Bolsonaro reconsidera viagem aos EUA e poderá receber homenagem no Texas

Aliados de Jair Bolsonaro estudam alternativas para que o presidente viaje aos EUA na próxima semana e receba o prêmio de Pessoa do Ano concedido pela Câmara de Comércio Brasil-EUA; neste fim de semana, o Itamaraty entrou em contato com interlocutores do Planalto em Nova York e Washington para saber sobre a viabilidade de mudar o evento para Dallas, no Texas

Bolsonaro reconsidera viagem aos EUA e poderá receber homenagem no Texas
Bolsonaro reconsidera viagem aos EUA e poderá receber homenagem no Texas

247 - Aliados de Jair Bolsonaro estudam alternativas para que o presidente viaje aos EUA na próxima semana e receba o prêmio de Pessoa do Ano concedido pela Câmara de Comércio Brasil-EUA. A informação é do Jornal Folha de S.Paulo. 

Neste fim de semana, o Itamaraty entrou em contato com interlocutores do Planalto em Nova York e Washington para saber sobre a viabilidade de mudar o evento para Dallas, no Texas.

Na sexta-feira (3), após pressão de políticos e ativistas americanos, a Presidência anunciou por meio de nota que Bolsonaro não viajaria mais a Nova York para ser homenageado em um jantar de gala marcado para o dia 14 de maio, no hotel Marriott Maquis, na Times Square.

A decisão, porém, dividiu o governo. Enquanto há um grupo --formado principalmente por militares do primeiro escalão-- que defende que Bolsonaro não vá aos EUA, a ala ideológica, liderada pelo chanceler Ernesto Araújo, busca opções, como Dallas, para que o presidente não deixe de receber o prêmio. 
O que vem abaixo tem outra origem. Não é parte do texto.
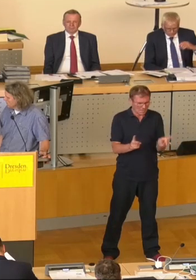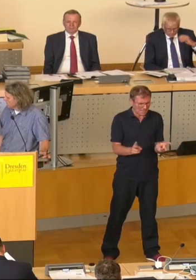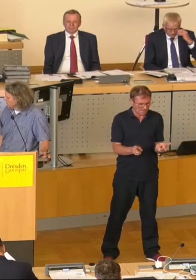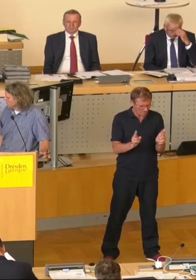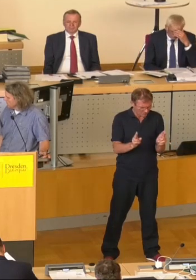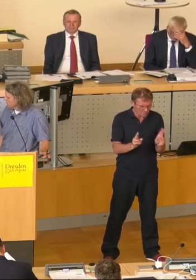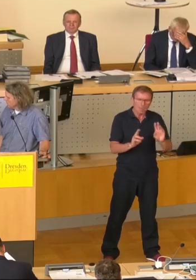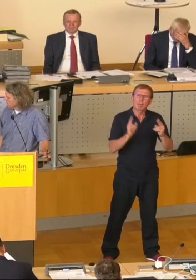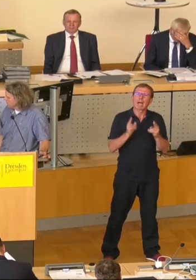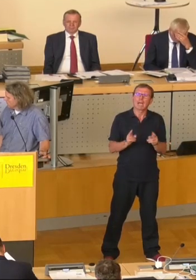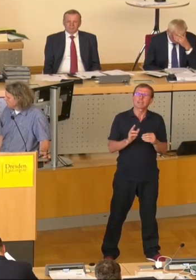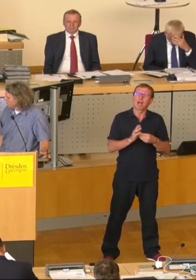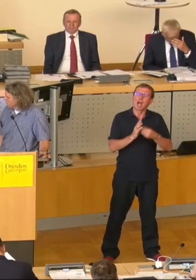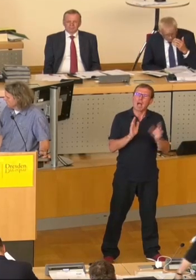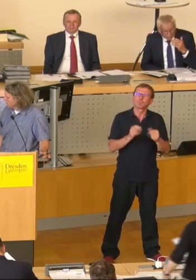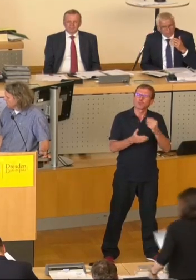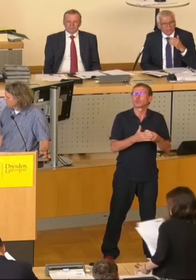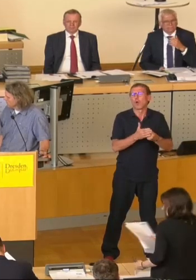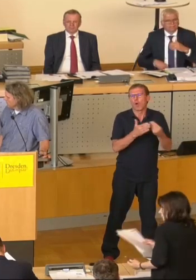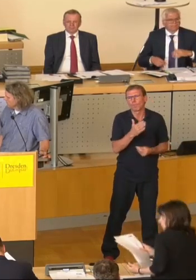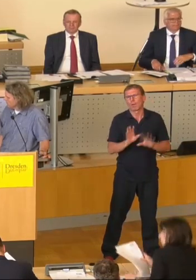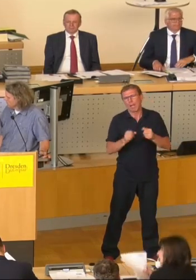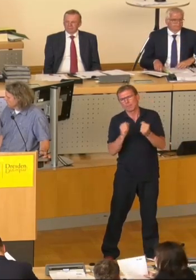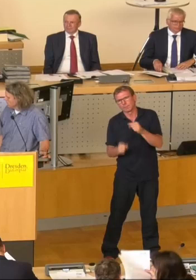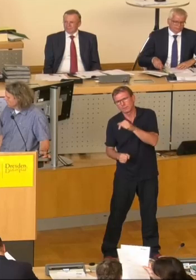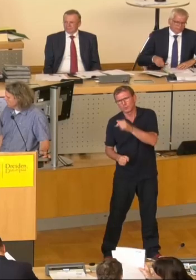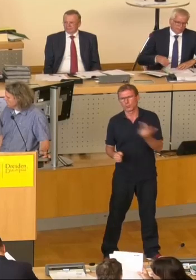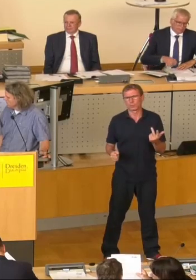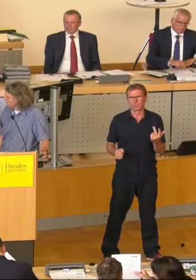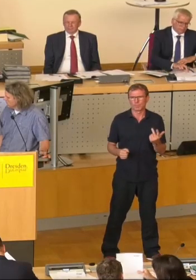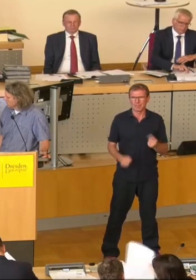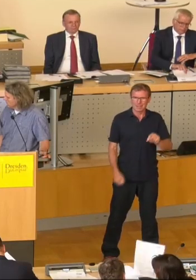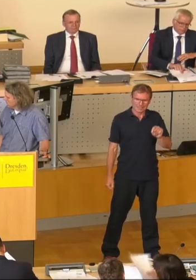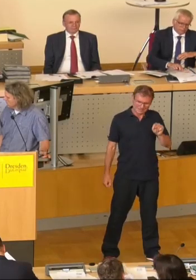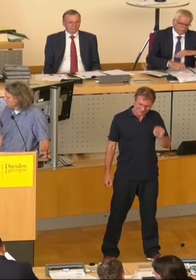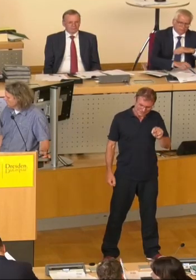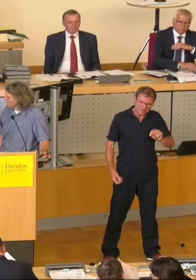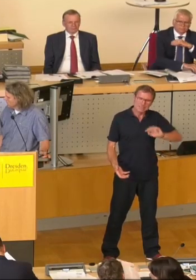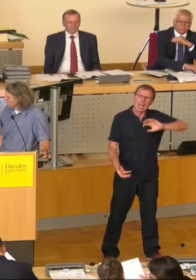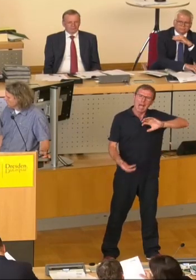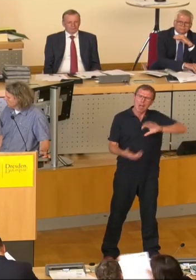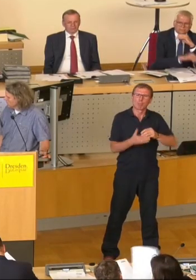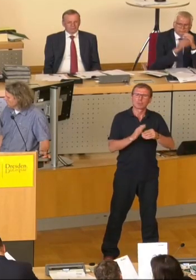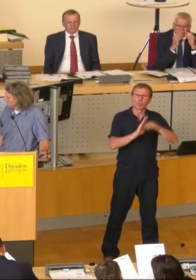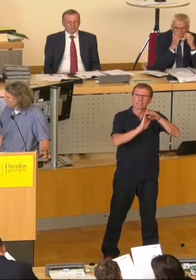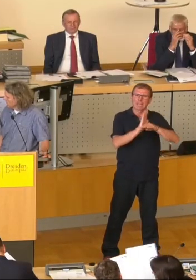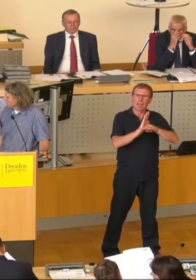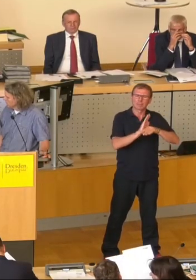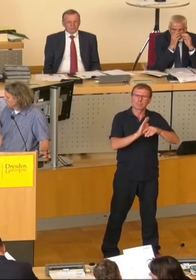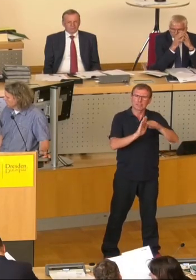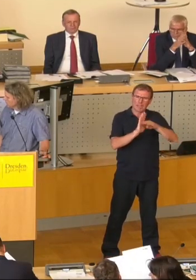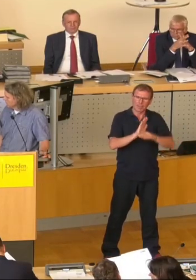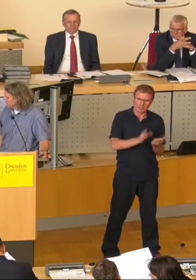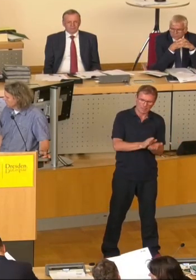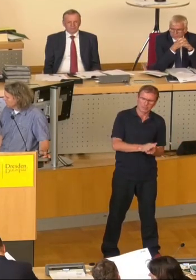rechtlich zu sichern durch Vertrag oder andere Formen und auch das wäre dann dem Kompensationskataster zu entnehmen. Und wenn Sie
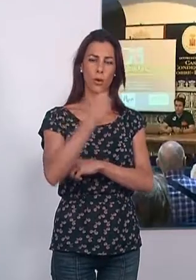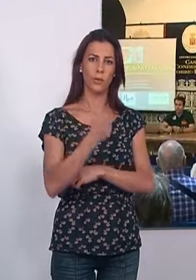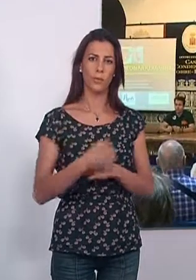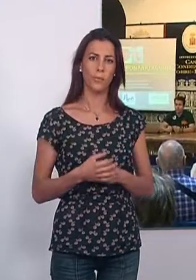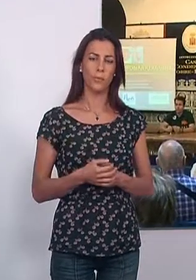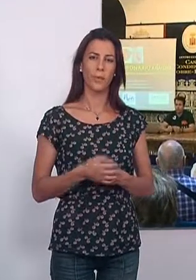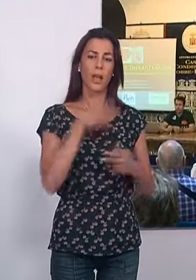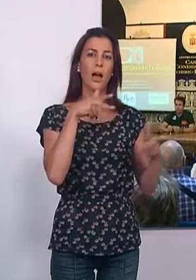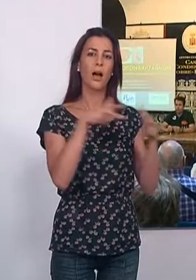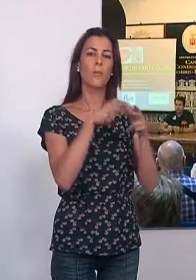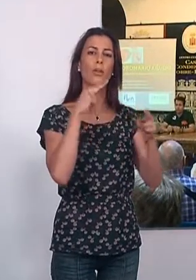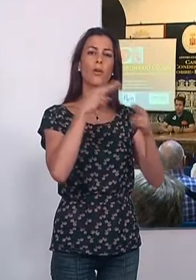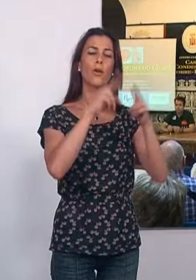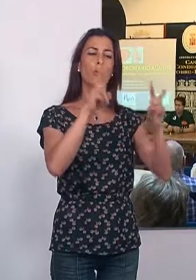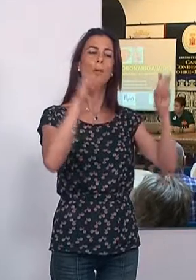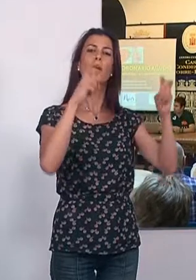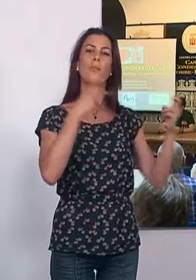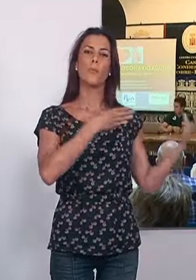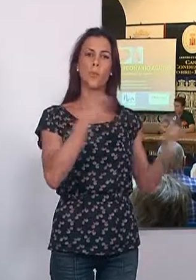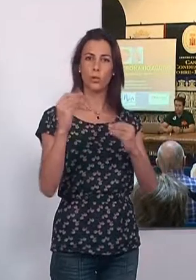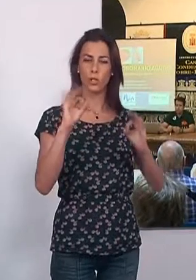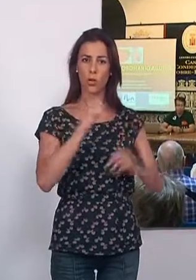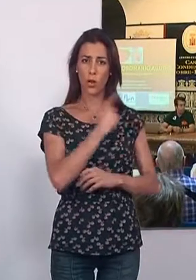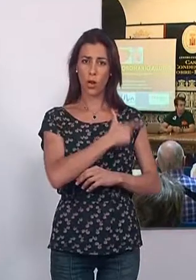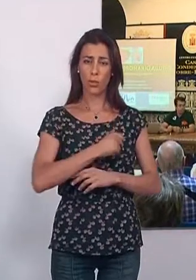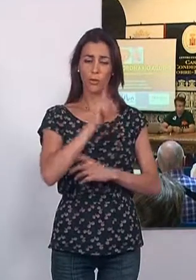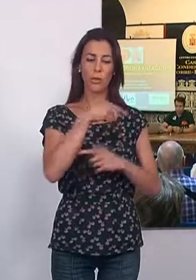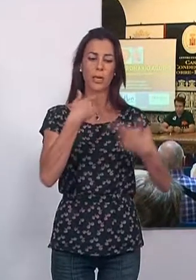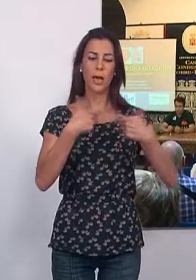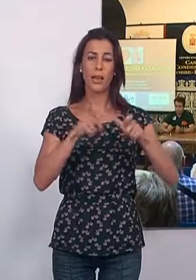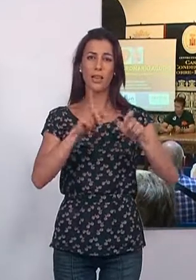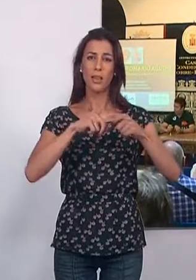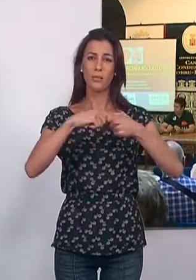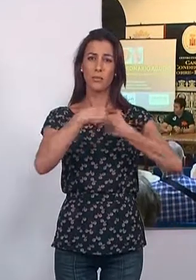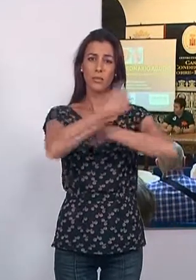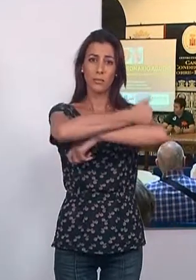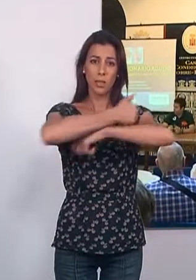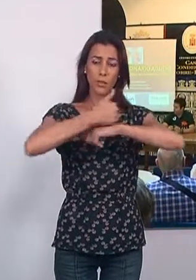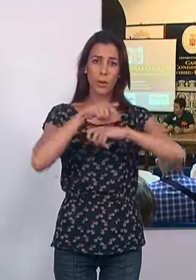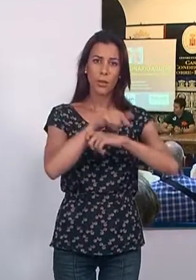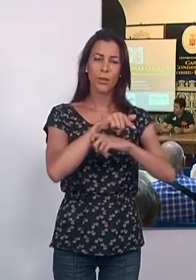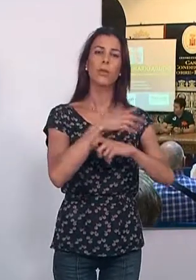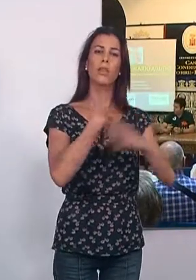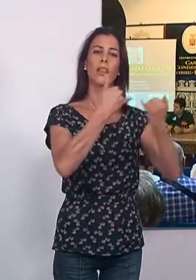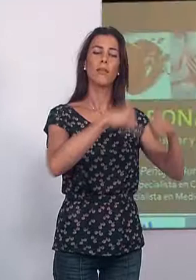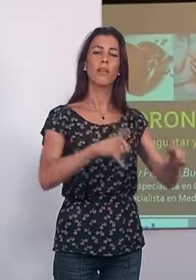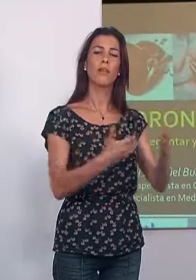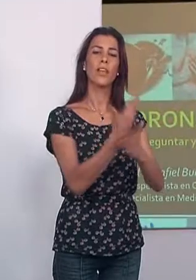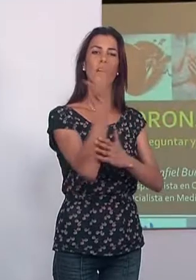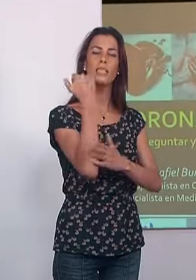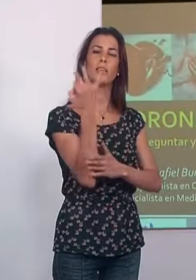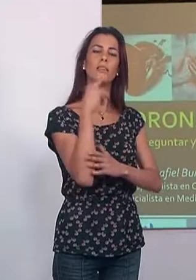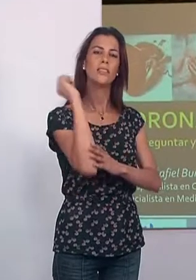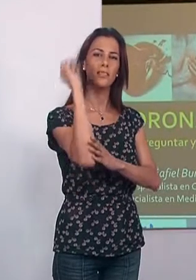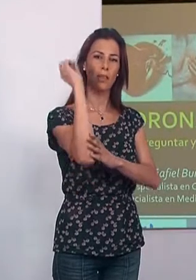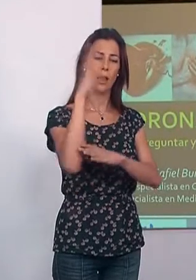La agrupación denominada Mucho Corazón y el Área de Participación Ciudadana celebraban el

Há ainda quem defenda a ideia de que Bolsonaro deve manter a ida a Nova York e enfrente possíveis protestos contra ele que sejam feitos na cidade.

Neste domingo (5), o presidente disse a jornalistas: "vou aos EUA", ao ser questionado sobre polêmicas que envolveram o evento em sua homenagem, mas o Planalto não confirmou a viagem e não se posicionou oficialmente sobre o assunto até a manhã desta segunda (6).

O prefeito de Nova York, o democrata Bill de Blasio, foi um dos principais articuladores da pressão contra Bolsonaro. Após o anúncio da desistência do presidente em viajar aos EUA, Blasio chamou o brasileiro de "valentão" e disse que "seu ódio não é bem-vindo aqui".

"Bolsonaro aprendeu do jeito difícil que nova-iorquinos não fecham os olhos para a opressão. Nós expusemos sua intolerância. Ele correu. Não fiquei surpreso, valentões geralmente não aguentam um soco", escreveu Blasio no Twitter.

O prefeito de Dallas, Mike Rwalings, também é do Partido Democrata, mas o Estado do Texas é tradicionalmente conservador. Ted Cruz, senador republicano, já recebeu a visita de Eduardo Bolsonaro, filho do presidente e uma espécie de chanceler informal do governo.

O cancelamento irritou aliados do presidente nos EUA, que estavam convidados para uma série de compromissos com presença prevista de Bolsonaro e seus principais ministros.